Rumah tua peninggalan ayah masih dengan cat yang sama, sebelum aku meninggalkan
rumah ini tiga tahun yang lalu. Kuketuk pintu beberapa kali tapi sepertinya
tidak ada orang di rumah. Kubuka dengan perlahan pintu yang kebetulan tidak
terkunci.
“Kenapa
ruang tamu kosong...kursi tamu dan almarinya kemana?” tanyaku dalam hati.

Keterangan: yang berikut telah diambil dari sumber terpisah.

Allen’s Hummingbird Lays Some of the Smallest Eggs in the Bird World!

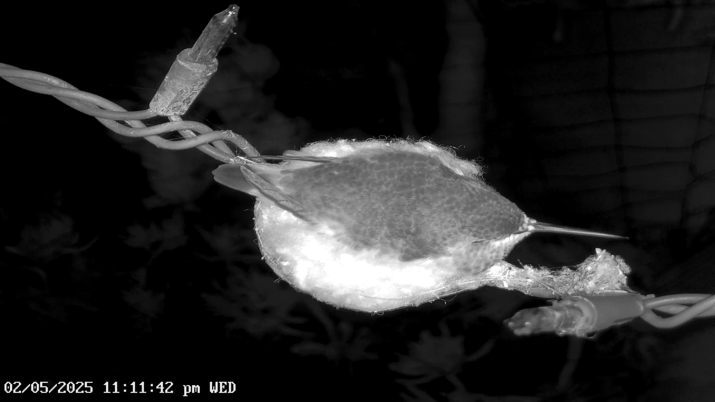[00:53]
She spent the first night on her single egg to keep it warm then spent the day fixing the nest and rolling the egg.
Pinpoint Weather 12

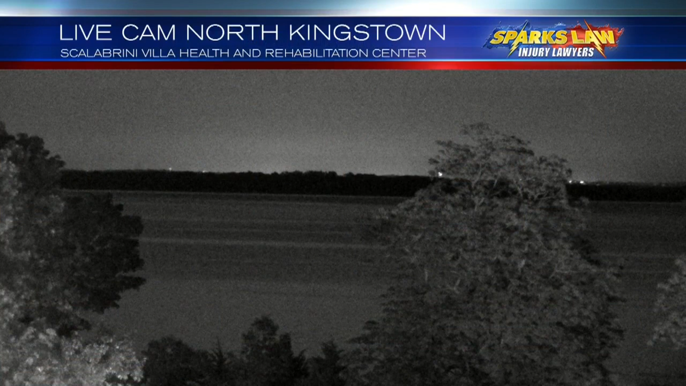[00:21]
Low humidity and very comfortable. Skies are clear all around. North Kingstown looking good. As mentioned earlier, we had a couple of isolated showers here and there.
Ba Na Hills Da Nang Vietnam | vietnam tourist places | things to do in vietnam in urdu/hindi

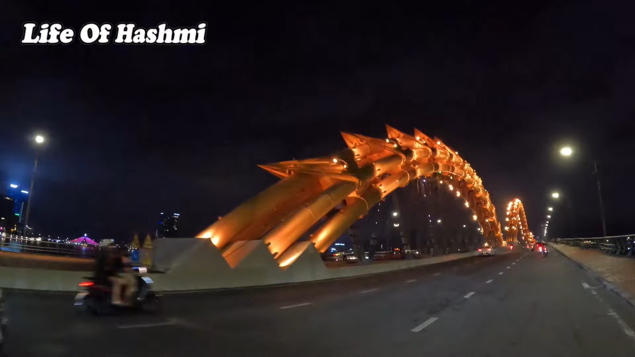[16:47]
یہ ڈریکن بریج ہے لائٹنگ اس کی کافی اچھی اور پیاری لگتی ہے لوگ آتے ہیں سیرے کچاتے ہیں پتھلے جاتے ہیں
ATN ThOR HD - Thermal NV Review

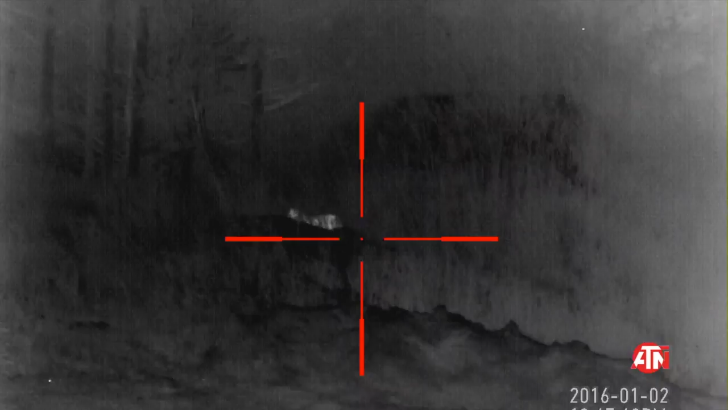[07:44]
And then this is the typical video game image of thermal.
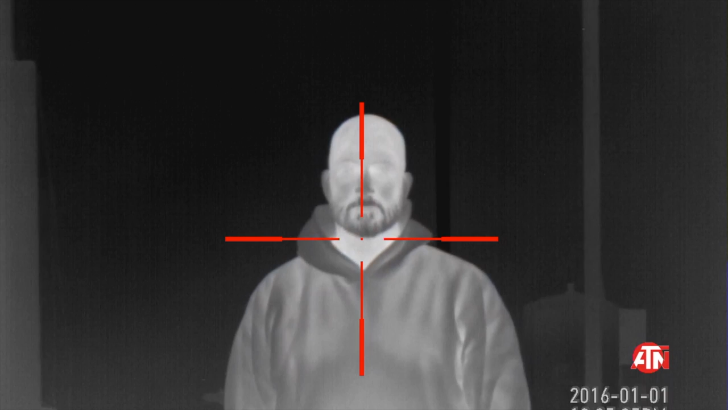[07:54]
You know, I don't have any air on my head, so my head is lit up like a light bulb.
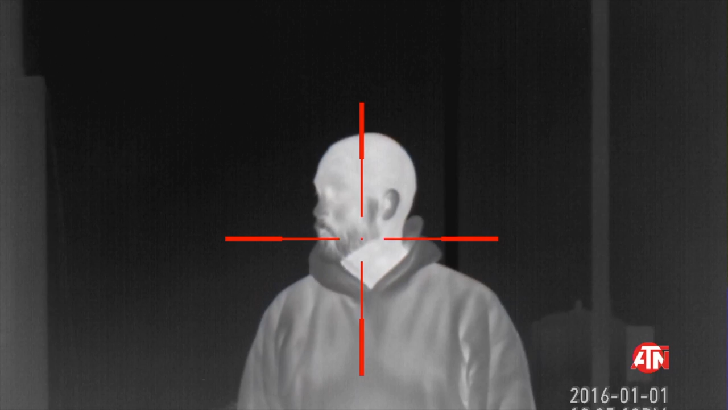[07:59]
And then here we're playing a little hide and seek. You know, and this is where thermal really has its niche, law enforcement and military, the ability to, for quick target acquisition. You know, no matter how hard I'm trying to stay behind cover, my bald head just stands out.
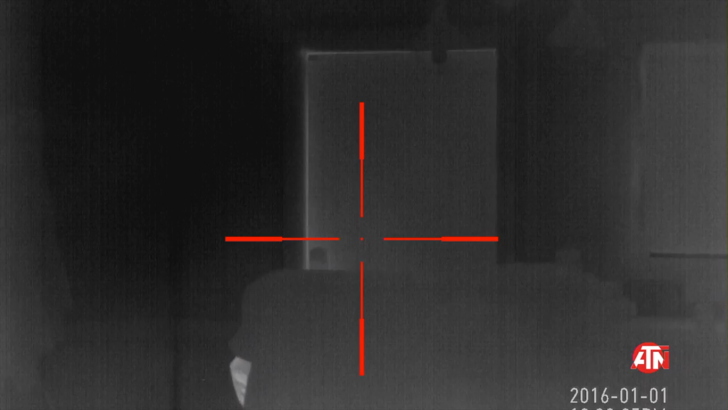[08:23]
So, and then I got a hold of ATN and Todd came over and got a lot, lot better image quality.
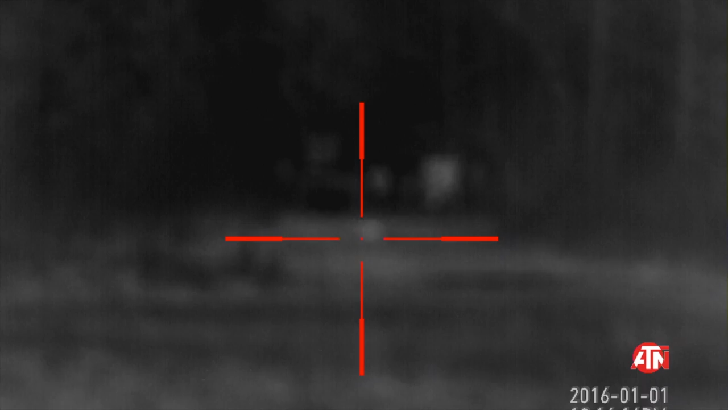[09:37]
I got a hold of Todd, and I called and talked to my guide, ATN,
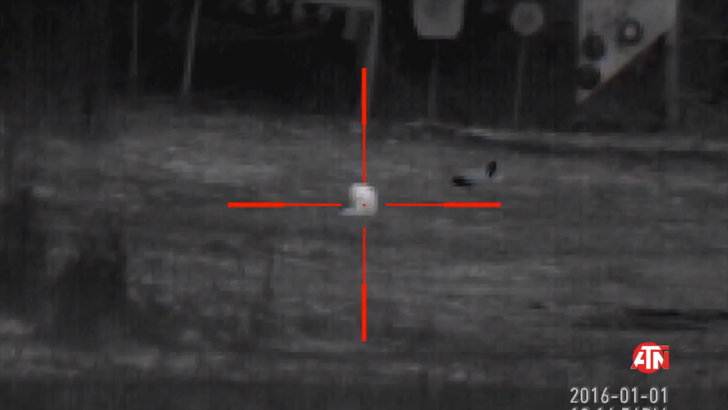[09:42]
and changed one of the meter settings and messed a little bit with some of the settings. And I get a lot better picture here, as you can see. And I think on the other video, too, I think there was a higher humidity. Humidity and some weather can impact your clarity on the thermal. And here we're seeing a lot, lot more crisp, clear image. These are the cats down at 100 yards.
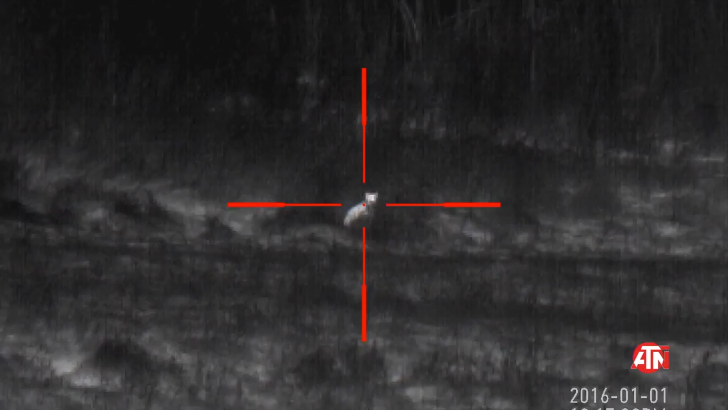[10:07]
Easily able to tell that they're cats.
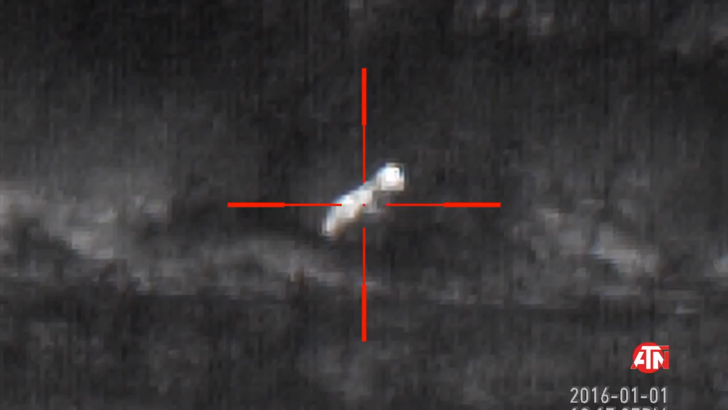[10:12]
Now, for me, the only problem is I can't tell which cats. And with the standard night vision,
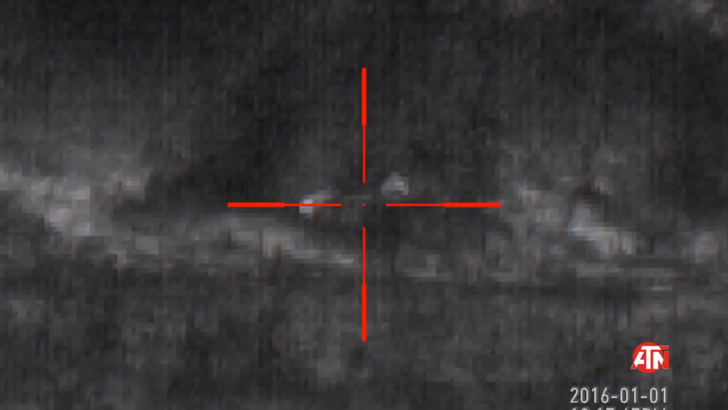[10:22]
I am able to actually see the markings on the cat, the color patterns, their spots, stripes, whatever.
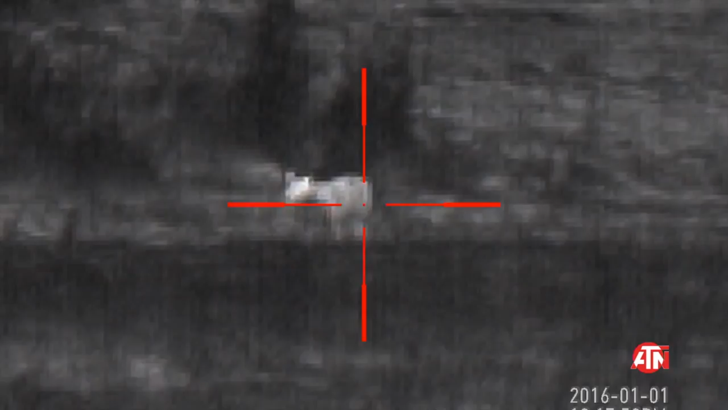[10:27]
And I can actually tell which of the kids' cats I'm looking at.
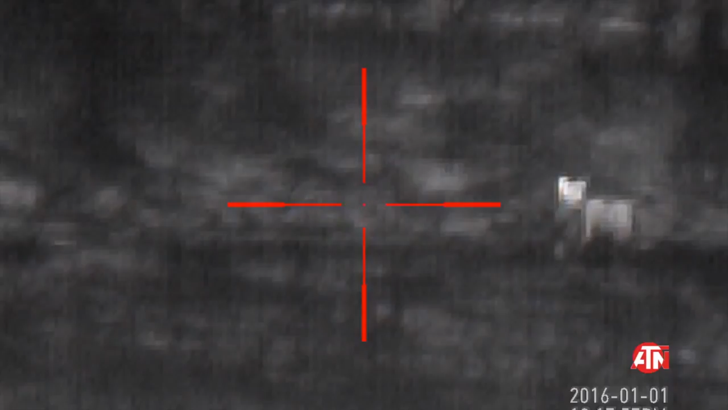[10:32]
And for me, with night vision, that's imperative. We have chickens, and a lot of times I'm shooting at predators and feral cats that are eating chickens.
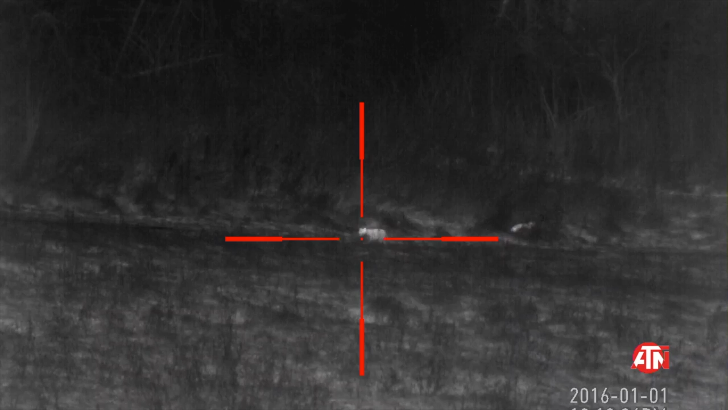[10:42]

Kulangkahkan kakiku menuju ruang tengah, tempat kami berkumpul untuk menonton
TV. Betapa kagetnya aku karena ruangan itu juga kosong tanpa barang satu pun.
“Assalamualaikum,
Ibu...ibu...ibu di mana?”
“Waalaikumsalam....kamu
sudah pulang nak,”
“Barang-barang
kita kemana, kenapa rumah ini kosong,”
“Ibu
tidak menjual barang-barang ini semua kan?” tanyaku. Terlihat ibu hanya diam
dan menundukkan kepala.
Gejolak
hati untuk membenci ibu semakin tak terbendung. Belum lagi aku sempat
melontarkan kemarahanku pada ibu, datanglah kakakku.
“Setelah
kematian ayah, ibu menjual barang-barang untuk keperluan sekolah dan asramamu,
tapi itu semua tidak mencukupi,” kata kakak
“Ibu
makan sehari satu kali, menjadi buruh gosok baju tetangga, bahkan ibu rela
bekerja hingga tengah malam membantu tetangga hajatan hanya untuk mendapatkan
upah meskipun sedikit,”
“Ibu
tidak pernah mengunjungi kamu untuk mengirit biaya pengeluaran,”
“Ibu
jarang telpon atau bahkan telpon hanya hitungan menit karena ibu tidak mau kamu
tahu kesedihannya, coba kamu ingat pernahkah ibu terlambat mengirim uang
sekolah dan uang jajanmu,”
“Pernahkah
kamu berpikir dari mana ibu mendapatkan uang untuk biaya sehari-hari kita. Ayah
memang dulu pengusaha tapi ketika beliau meninggal perusahannya bangkrut,”
“Sudahlah...
memang tugas ibu mencari nafkah, maafkan ibu kalau tidak bisa menjadi seperti
ibu-ibu yang lain karena tidak bisa mengunjungimu atau mendampingimu saat
berprestasi,” ujar ibu dengan suara lirih sambil menahan air matanya
“Ibu
menghindari telpon dari kamu bukan karena ibu tak sayang, tapi karena ibu takut
tak kuat membendung air mata ini. Ibu hanya ingin kamu fokus belajar tanpa
harus memikirkan biaya pendidikanmu.”
“Maafkan
Hisyam bu, yang pernah membenci ibu,” ujar Hisyam sambil memeluk ibunya
Ibu
benar-benar menjadi malaikat kami. Demi
melihat kebahagiaan di rona muka Ibu, malam itu seketika aku berikrar dalam
hati. Di ujung kerinduan ini aku bersumpah! Ibu akan selalu menjadi orang yang
paling kuhormati di dunia ini dan aku berjanji akan menggantikan setiap tetes
air mata yang telah ibu keluarkan dengan kebahagiaan.